The decade-long running litigation between the record labels and video-streaming service Vimeo may be slowly grinding to an end. Fresh off the heels of its appeals victory in which the Second Circuit held that the safe harbor provisions of the Digital Millennium Copyright Act of 1998 (the “DMCA”) include sound recordings made before 1972 (so-called Pre-72 recordings), Capitol Records, LLC v. Vimeo, LLC, 826 F.3d 78, 81 (2d Cir. 2016), cert. denied, 137 S. Ct. 1374 (2017), Vimeo can add another notch on its belt.

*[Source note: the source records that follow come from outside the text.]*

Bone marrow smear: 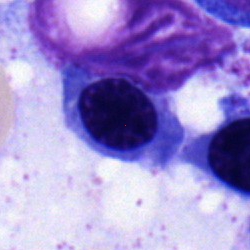 Morphological class: nucleated red cell.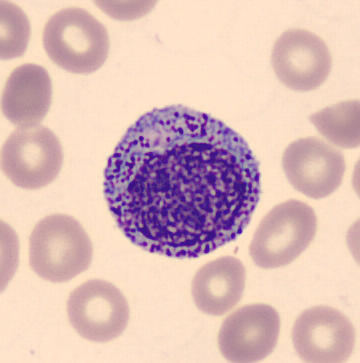A progranulocyte.
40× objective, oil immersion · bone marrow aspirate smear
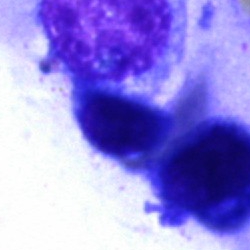

An artifact.
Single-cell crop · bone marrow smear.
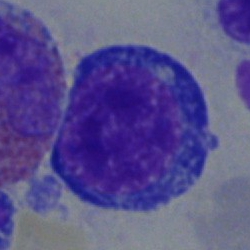 Morphology → pronormoblast.
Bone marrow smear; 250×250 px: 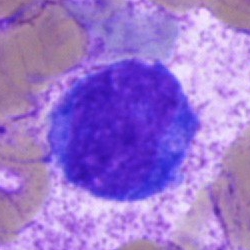Specimen: bone marrow aspirate smear.
Morphological class: blast.
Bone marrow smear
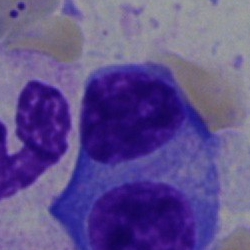
Plasmacyte.
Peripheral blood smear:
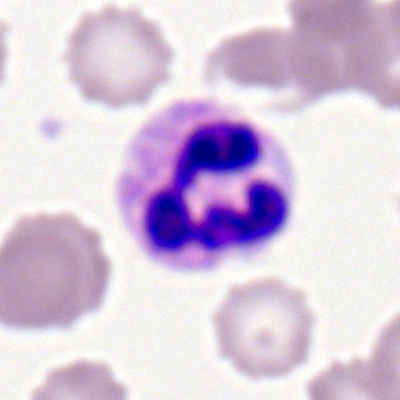

Q: Identify the cell.
A: Segmented neutrophil.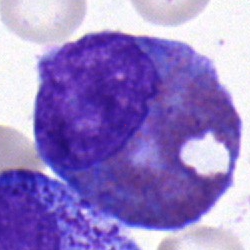Morphology → eosinophil.
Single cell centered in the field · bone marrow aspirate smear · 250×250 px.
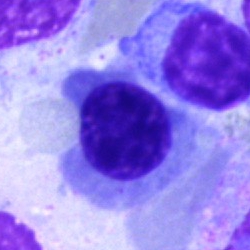
Q: What type of cell is this?
A: This is a nucleated red blood cell.
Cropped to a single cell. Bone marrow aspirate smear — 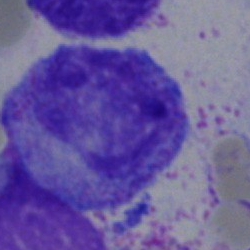Progranulocyte.
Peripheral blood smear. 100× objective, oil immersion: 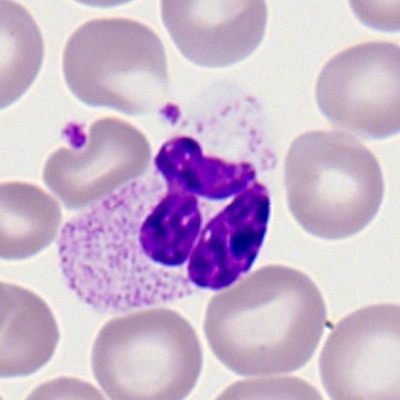 Morphological class — polymorphonuclear neutrophil.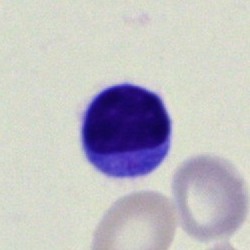

Q: Identify the cell.
A: This is a lymphocyte.
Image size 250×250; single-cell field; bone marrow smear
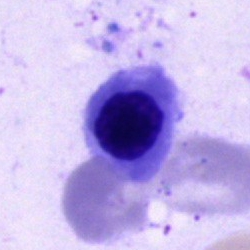Nucleated red cell.
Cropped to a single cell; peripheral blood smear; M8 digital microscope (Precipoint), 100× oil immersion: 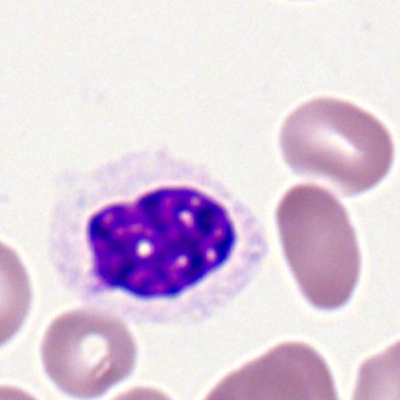A polymorphonuclear neutrophil.
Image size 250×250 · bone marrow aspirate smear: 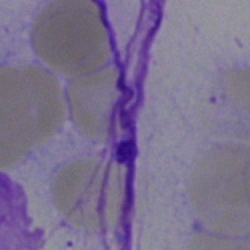 Morphology consistent with an artifact.
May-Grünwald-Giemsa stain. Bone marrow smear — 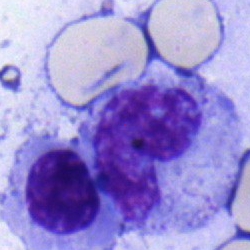

A band neutrophil.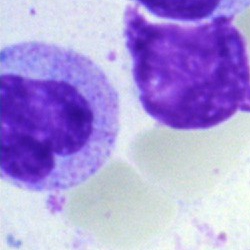

Morphological class = cell of indeterminate lineage.
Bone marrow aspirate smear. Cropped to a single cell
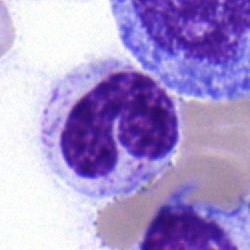The classification is band-form neutrophil.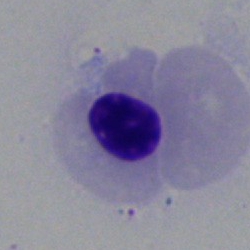

Morphology consistent with a nucleated red blood cell.

In addition to copyright infringement claims, which the Second Circuit’s decision mooted by the safe-harbor provisions of the DMCA, the record labels also sued under state unfair competition law. Vimeo moved to dismiss the unfair competition claims as similarly barred by the DMCA because “the phrase “infringement of copyright” confers protection against all state-law claims that seek to vindicate rights abridged by infringement of pre-1972 sound recordings, no matter what the claim is called under state law.” (emphasis in original). The district court held in Vimeo’s favor, finding that “if Vimeo is liable to Plaintiffs for unfair competition on Plaintiffs’

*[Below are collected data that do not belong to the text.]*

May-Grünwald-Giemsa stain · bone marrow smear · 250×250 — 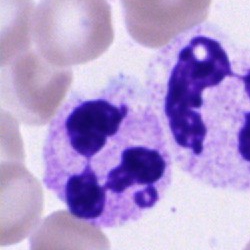 The classification is segmented neutrophil.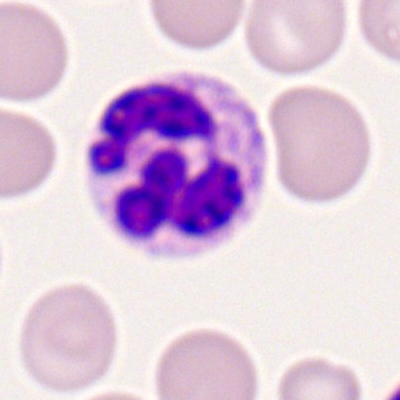 Classification: polymorphonuclear neutrophil.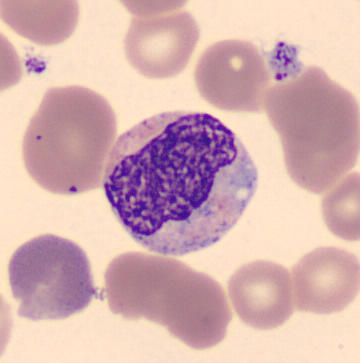 Peripheral blood film · 360×363 px.

Single cell identified as a metamyelocyte.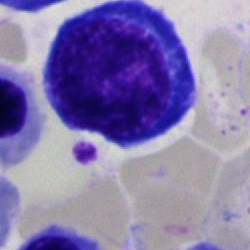 Bone marrow aspirate smear, single cell — normoblast.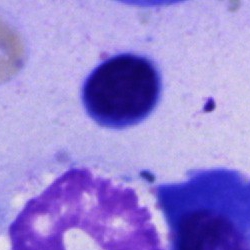

Q: What is shown here?
A: Cell of indeterminate lineage.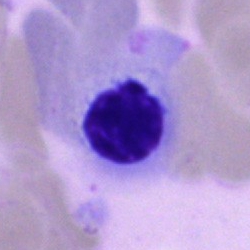

Cell type: erythroblast.
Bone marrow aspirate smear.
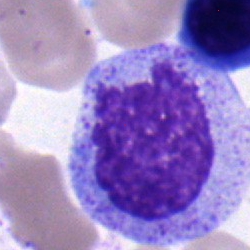Impression → promyelocyte.
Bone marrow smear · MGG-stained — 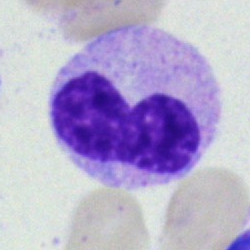 Classification: neutrophil (band).
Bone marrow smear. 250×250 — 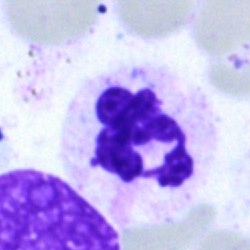 Showing a neutrophil (segmented).
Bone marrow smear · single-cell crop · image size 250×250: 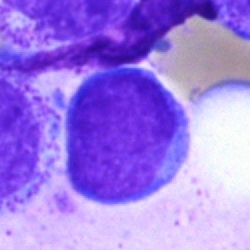

This is a blast.
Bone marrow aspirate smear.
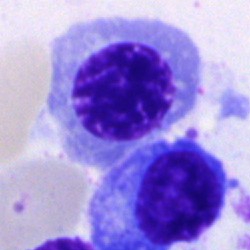Q: What is shown here?
A: A nucleated red blood cell.

theory, Vimeo will necessarily be liable for the infringement of copyright. The DMCA safe
harbor therefore applies to Plaintiffs’ unfair-competition claims to the extent that Vimeo
otherwise meets the statute’s requirements.”
There are still claims regarding 59 videos that Vimeo had “red flag” knowledge of infringement, so those claims will continue.